PROBLEM REQUIREMENTS: Print the records below exactly. Omit every picture.

*** Begin section ***

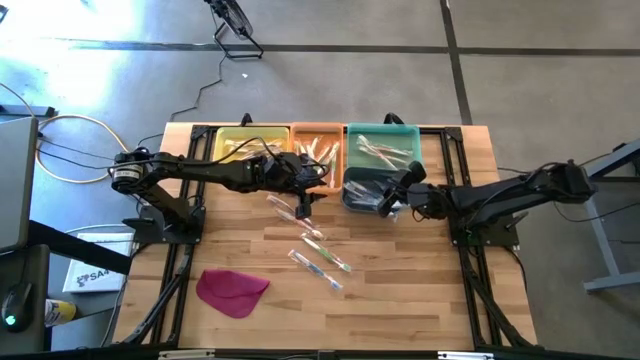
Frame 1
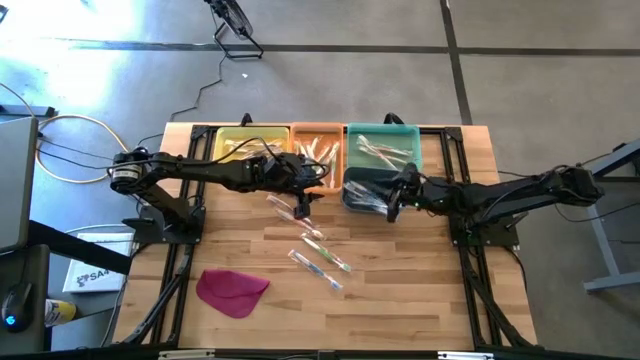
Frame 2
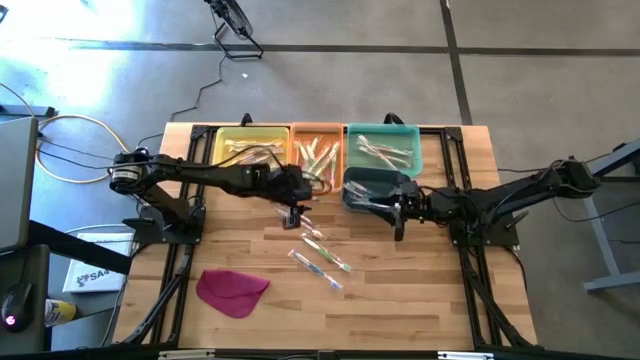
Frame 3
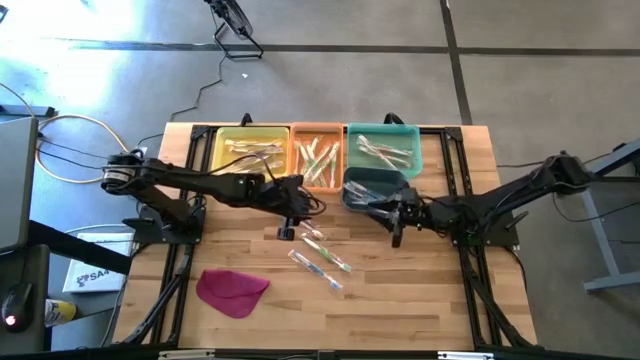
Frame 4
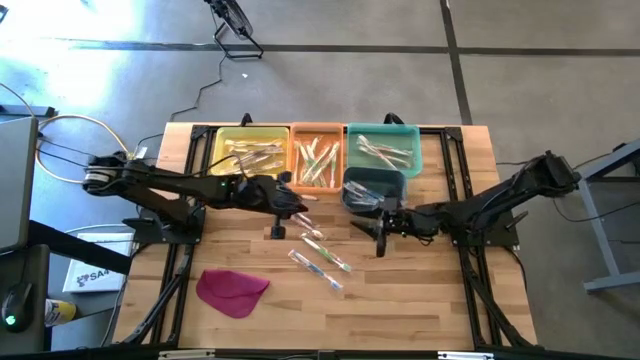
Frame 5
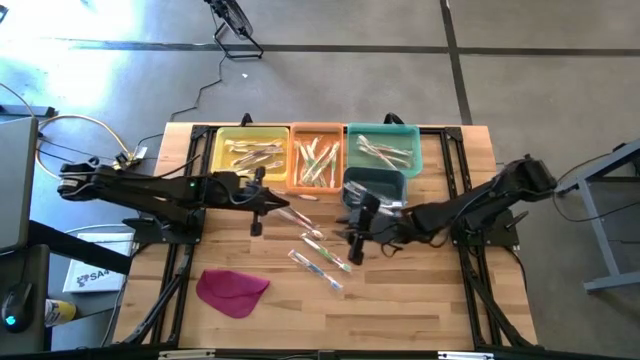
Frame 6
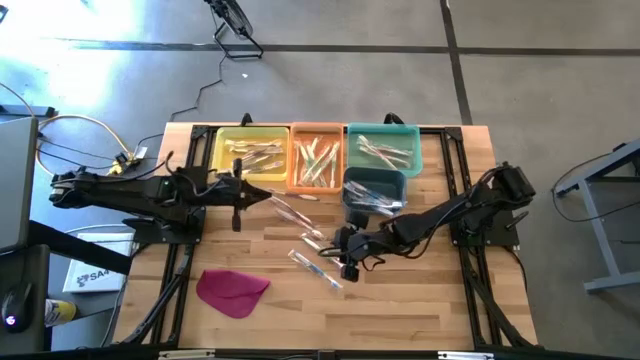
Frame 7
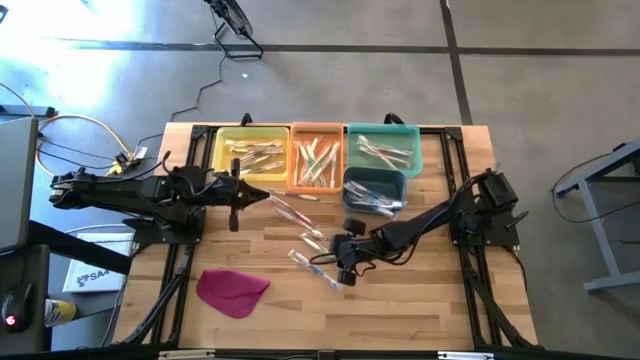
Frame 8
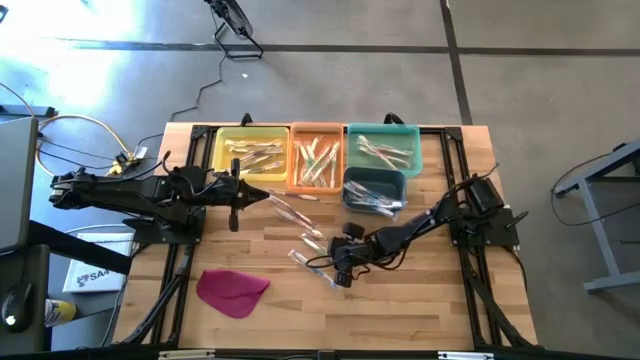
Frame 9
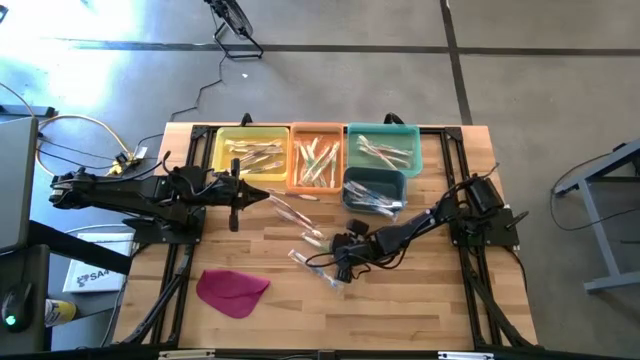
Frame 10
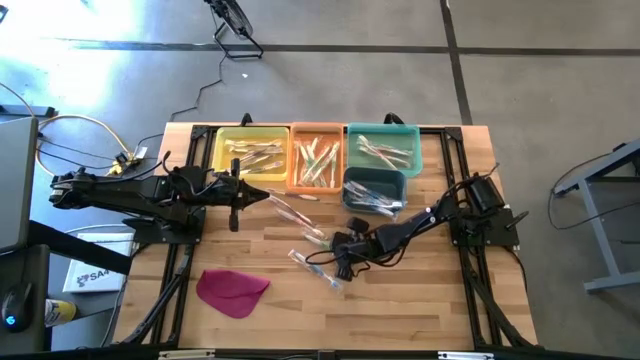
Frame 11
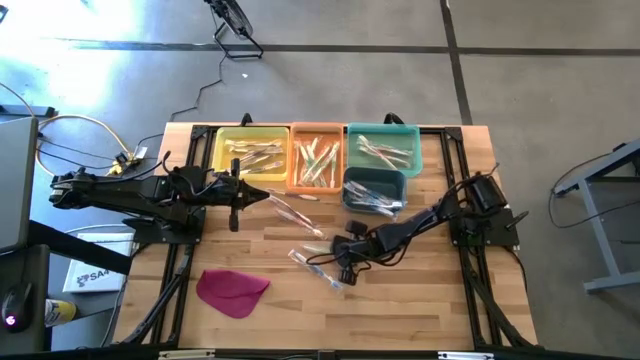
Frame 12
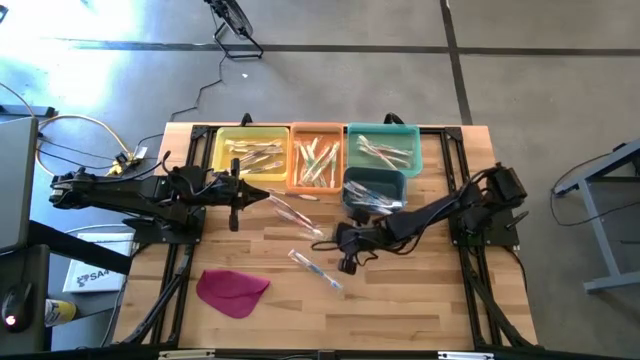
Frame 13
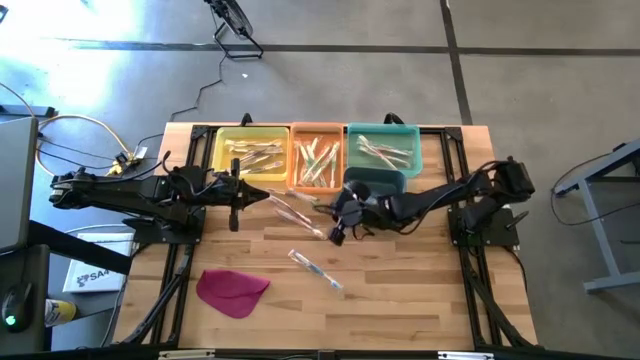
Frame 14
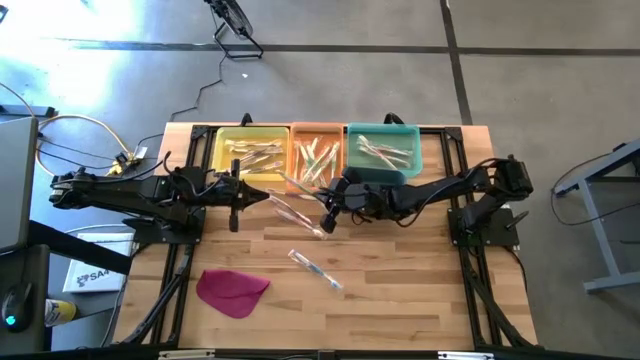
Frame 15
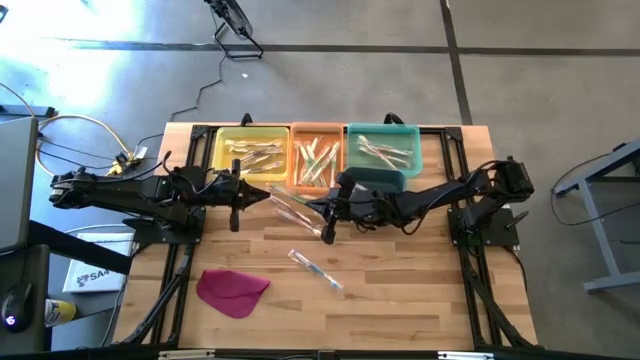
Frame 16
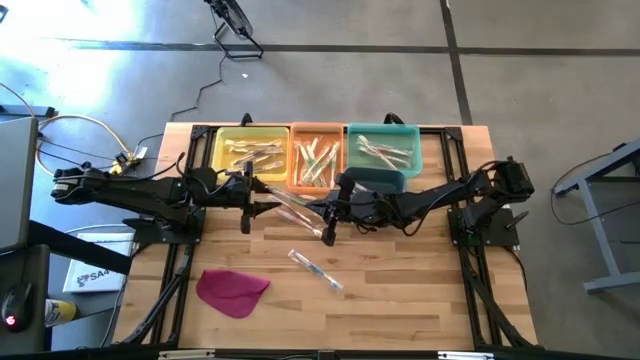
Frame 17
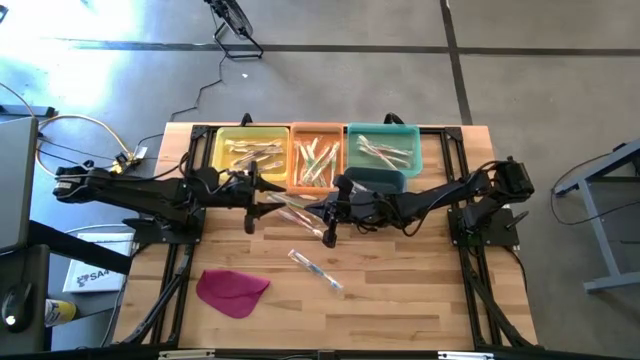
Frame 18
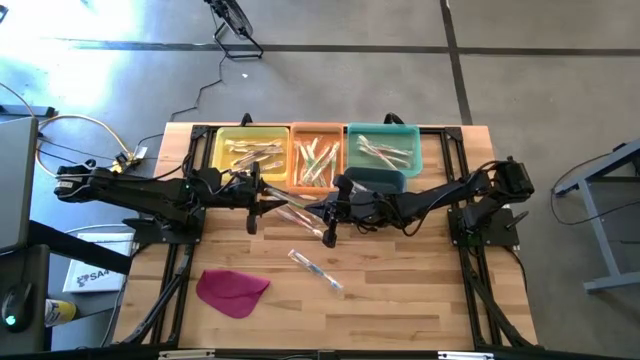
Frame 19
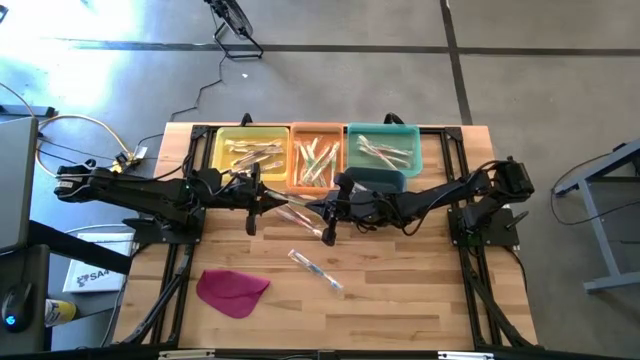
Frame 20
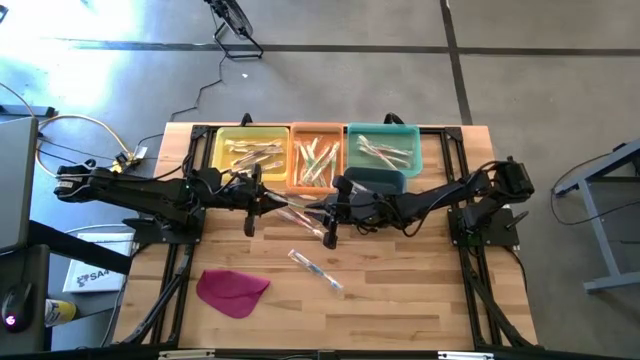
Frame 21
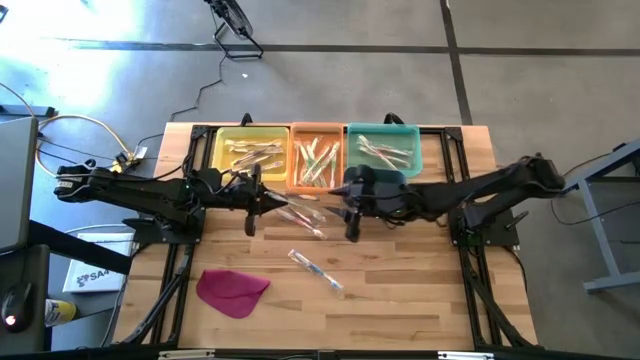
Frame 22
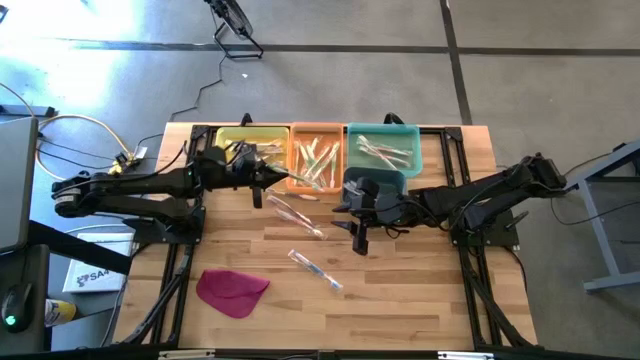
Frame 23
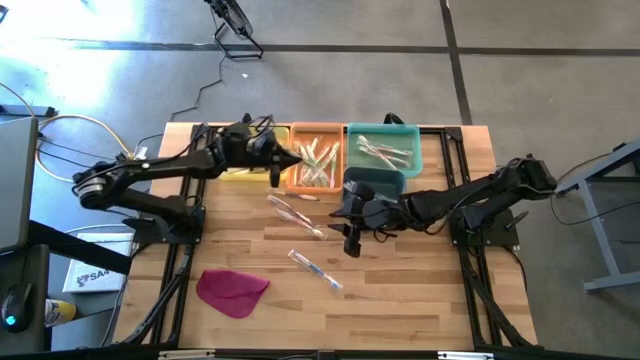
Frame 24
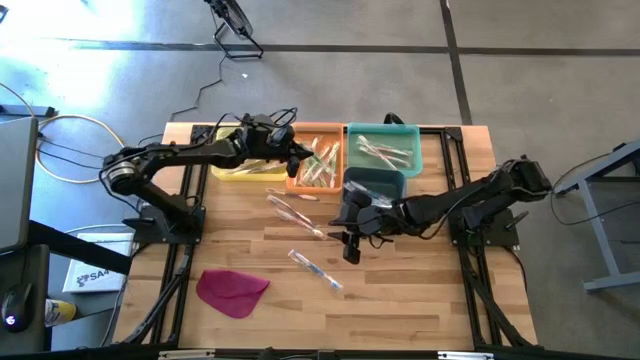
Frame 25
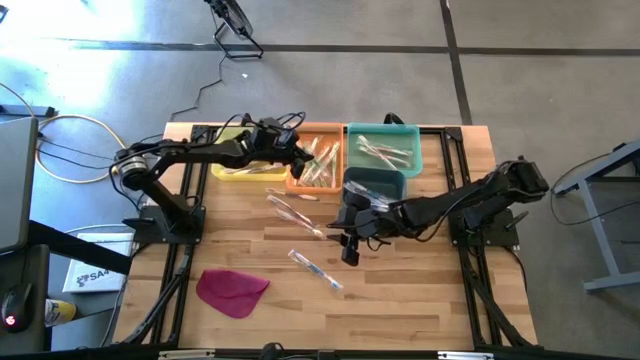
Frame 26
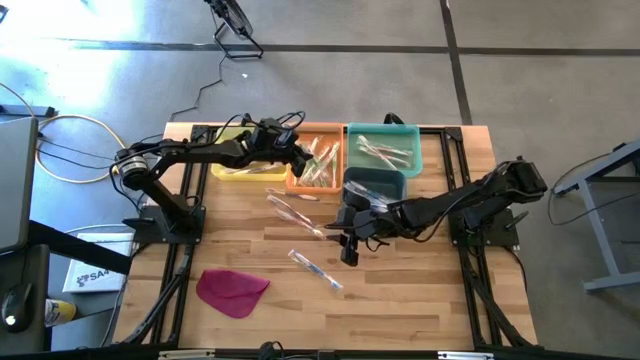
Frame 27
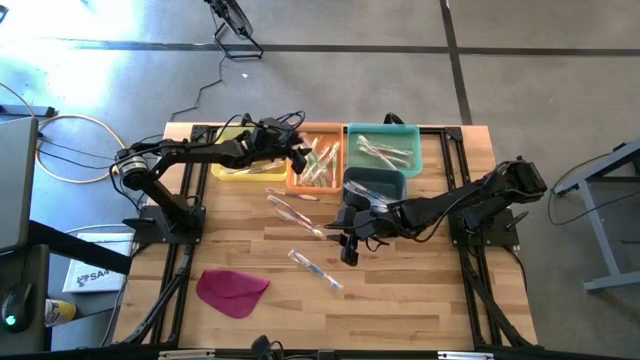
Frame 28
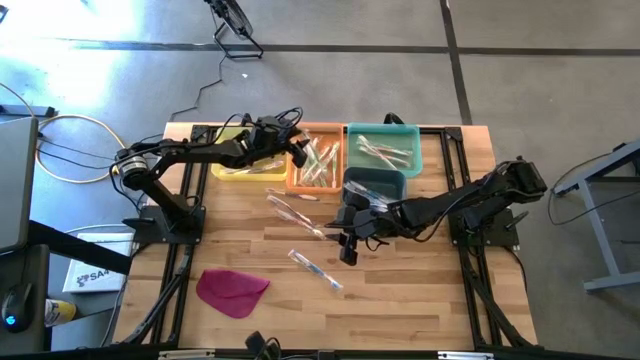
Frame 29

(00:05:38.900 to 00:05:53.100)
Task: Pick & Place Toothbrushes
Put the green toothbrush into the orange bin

*** End section ***

OUTPUT BELOW:
Frame 1
Frame 2
Frame 3
Frame 4
Frame 5
Frame 6
Frame 7
Frame 8
Frame 9
Frame 10
Frame 11
Frame 12
Frame 13
Frame 14
Frame 15
Frame 16
Frame 17
Frame 18
Frame 19
Frame 20
Frame 21
Frame 22
Frame 23
Frame 24
Frame 25
Frame 26
Frame 27
Frame 28
Frame 29

(00:05:38.900 to 00:05:53.100)
Task: Pick & Place Toothbrushes
Put the green toothbrush into the orange bin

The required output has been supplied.